In this architecture, AWS WAF is enabled at CloudFront to protect the WordPress application from common web exploits. AWS WAF for CloudFront is recommended and use AWS managed WAF rules to verify that web applications are protected from common and the latest threats.

Here are some AWS best practices for securing communication with ACM:

  • Use SSL/TLS certificates: Encrypt data in transit between clients and servers. ACM makes it simple to create, manage, and deploy SSL/TLS certificates across your infrastructure.
  • Use ACM-issued certificates: This verifies that your certificates are trusted by major browsers and that they are regularly renewed and replaced as needed.
  • Implement certificate revocation: Implement certificate revocation for SSL/TLS certificates that have been compromised or are no longer in use.
  • Implement strict transport security (HSTS): This helps protect against protocol downgrade attacks and verifies that SSL/TLS is used consistently across sessions.
  • Configure proper cipher suites: Configure your SSL/TLS connections to use only the strongest and most secure cipher suites.

Monitoring and auditing with CloudTrail

In this section, we discuss the significance of monitoring and auditing actions in your AWS account using CloudTrail. CloudTrail is a logging and tracking service that records the API activity in your AWS account, which is crucial for troubleshooting, compliance, and security purposes. Enabling CloudTrail in your AWS account and securely storing the logs in a durable location such as Amazon Simple Storage Service (Amazon S3) with encryption is highly recommended to help prevent unauthorized access. Monitoring and analyzing CloudTrail logs in real-time using CloudWatch Logs can help you quickly detect and respond to security incidents.

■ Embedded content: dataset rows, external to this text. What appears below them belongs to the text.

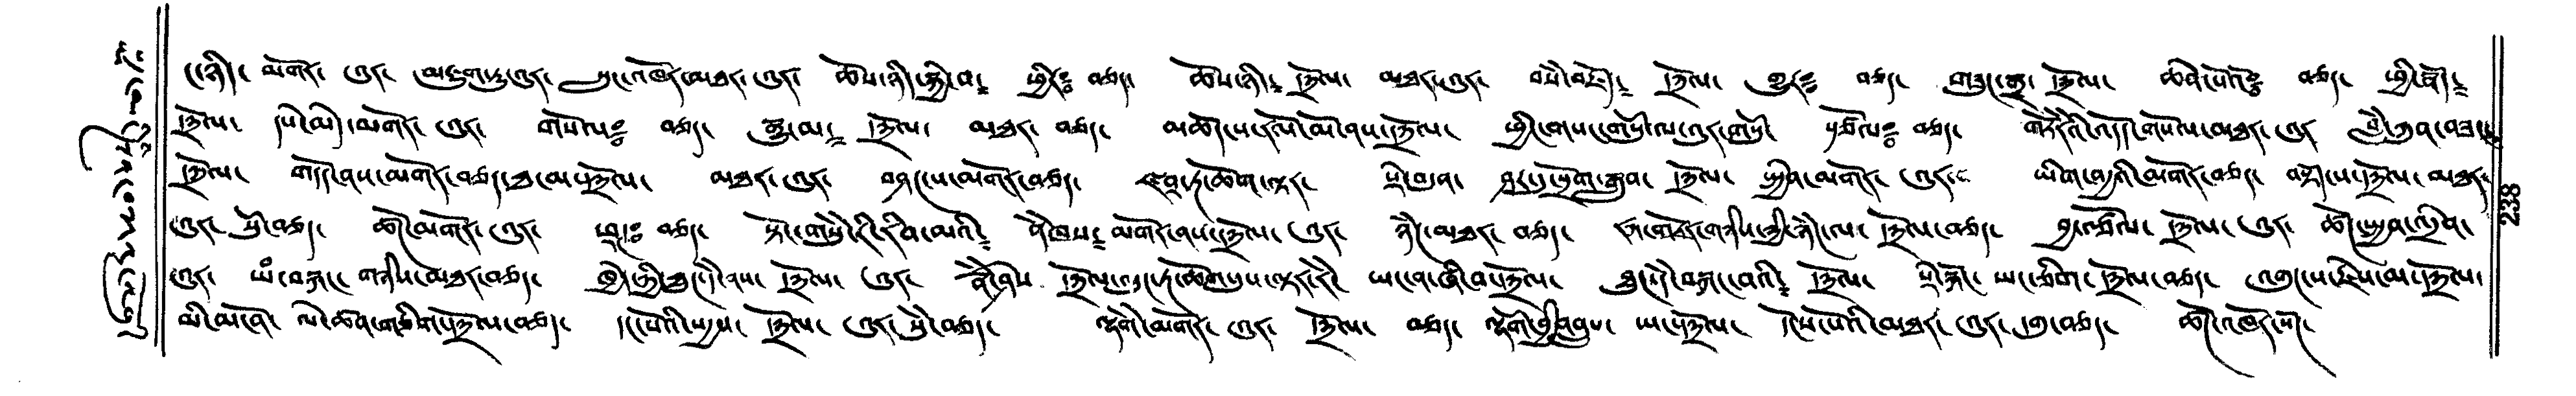ང་ཉིད༴ མགོར། འུར། མཇུག་ཏུ་འུར། སྲུང་འཁོར་མཐར། འུར། ཆོས་ཉིད་སྐྱེ་བ༴ ཕྱིར༔ བཅད། ཆོས་ཉིད༴ དཀྲོལ། མཐར་འུར། བསམ་བརྗོད༴ དཀྲོལ། གྱུར༔ བཅད། གཟུགས་སྒྲ༴ དཀྲོལ། ཆེན་པོའོ༔ བཅད། ཕྱི་སྣོད༴ 
དཀྲོལ། དཔེ་མེད༴ མགོར། འུར། གསོལ༔ བཅད། སྒྱུ་མ༴ དཀྲོལ། མཐར། བཅད། མཆོད་པ་རོལ་མོ་ནས་དཀྲོལ། ཕྱི་ནང་གསང་གསུམ་ལ་འུར་གསུམ། སྩོལ༔ བཅད། གཏོར་མའི་འདོད་གསོལ་མཐར་འུར། བླ་མ་ཀུན་བཟང༴ 
དཀྲོལ། གདོད་ནས༴ མགོར་བཅད་ཐ་མ་དཀྲོལ། མཐར་འུར། བཤགས་པ་མགོར་བཅད། ཛཔྲ་རྔ་ཆོག་ལྟར། སྡེ་བདུན། ཤར་དུ་སྲོག་གྲུབ༴ དཀྲོལ། སྤྱན་འདྲེན་མགོར། འུར། ཡིག་བརྒྱའི་མགོར་བཅད། བསྟོད་པར། དཀྲོལ། མཐར། 
འུར། སུམ་བཅད། ཚོགས་མགོར། འུར། ཕཊཿ བཅད། སྟོང་གསུམ་རི་རབ༴ ནམ་མཁས༴ མགོ་ནས་དཀྲོལ། འུར། ཉམས་ཆག༴ མཐར། བཅད། རཀ་གཏོར་གཉིས་ཀྱི། ཉམས་ཆག༴ ལ་དཀྲོལ་བཅད། བྱ་སྩོལ། དཀྲོལ། འུར། ཚོགས་སྤྱན་འདྲེན། 
འུར། ཡཾ་བསྐང་གཉིས་མཐར་བཅད། ཁྱེད་ཀྱི་ཐུགས་དམ༴ ནས། དཀྲོལ། འུར། རྣམ་ཤེས༴ དཀྲོལ་ལུགས་རྔ་ཆོག་དུས་ལྟར་རམ། ཡང་ན་ཞི་བ་དཀྲོལ། ཐུགས་དམ་བསྐང་བའི༴ དཀྲོལ། སྡེ་སྐོང་། ཡང་ཅིག༴ དཀྲོལ། བཅད། འགུགས་པ་རྗེས་མ་དཀྲོལ། 
མི་མངོན༴ ལེ་ཚན་གཅིག་དཀྲོལ་བཅད། དང་པོའི་སངས་རྒྱས༴ དཀྲོལ། འུར་སུམ་བཅད། ལྷག་མ་མགོར། འུར་དཀྲོལ། བཅད། ལྷག་མ་བྱིན་རླབས། ཡང་དཀྲོལ། དངོས་པོའི༴ མཐར། འུར། དགུ་བཅད། ཚོགས་འཁོར༴ སོགས།

In a DevOps pipeline, you can use infrastructure-as-code tools such as CloudFormation, CodePipeline, and CodeBuild to create and manage CloudTrail consistently across different environments. You can create a CloudFormation stack with the CloudTrail configuration and use CodePipeline and CodeBuild to build and deploy the stack to different environments. CloudFormation hooks can validate the CloudTrail configuration to verify it aligns with your security requirements and policies.

It’s worth noting that the aspects discussed in the preceding paragraph might not apply if you’re using AWS Organizations and the CloudTrail Organization Trail feature. When using those services, the management of CloudTrail configurations across multiple accounts and environments is streamlined. This centralized approach simplifies the process of enforcing security policies and standards uniformly throughout the organization.

By following these best practices, you can effectively audit actions in your AWS environment, troubleshoot issues, and detect and respond to security incidents proactively.

Complete code for sample architecture for deployment

The complete code repository for the sample WordPress application architecture demonstrates how to implement data protection in a DevOps pipeline using various AWS services. The repository includes both infrastructure code and application code that covers all aspects of the sample architecture and implementation steps.

The infrastructure code consists of a set of CloudFormation templates that define the resources required to deploy the WordPress application in an AWS environment. This includes the Amazon Virtual Private Cloud (Amazon VPC), subnets, security groups, Amazon EKS cluster, Amazon RDS instance, AWS KMS key, and Secrets Manager secret. It also defines the necessary security configurations such as encryption at rest for the RDS instance and encryption in transit for the EKS cluster.

The application code is a sample WordPress application that is containerized using Docker and deployed to the Amazon EKS cluster. It shows how to use the Application Load Balancer (ALB) to route traffic to the appropriate container in the EKS cluster, and how to use the Amazon RDS instance to store the application data. The code also demonstrates how to use AWS KMS to encrypt and decrypt data in the application, and how to use Secrets Manager to store and retrieve secrets. Additionally, the code showcases the use of ACM to provision SSL/TLS certificates for secure communication between the CloudFront and the ALB, thereby ensuring data in transit is encrypted, which is critical for data protection in a DevOps pipeline.

Conclusion

Strengthening the security and compliance of your application in the cloud environment requires automating data protection measures in your DevOps pipeline. This involves using AWS services such as Secrets Manager, AWS KMS, ACM, and AWS CloudFormation, along with following best practices.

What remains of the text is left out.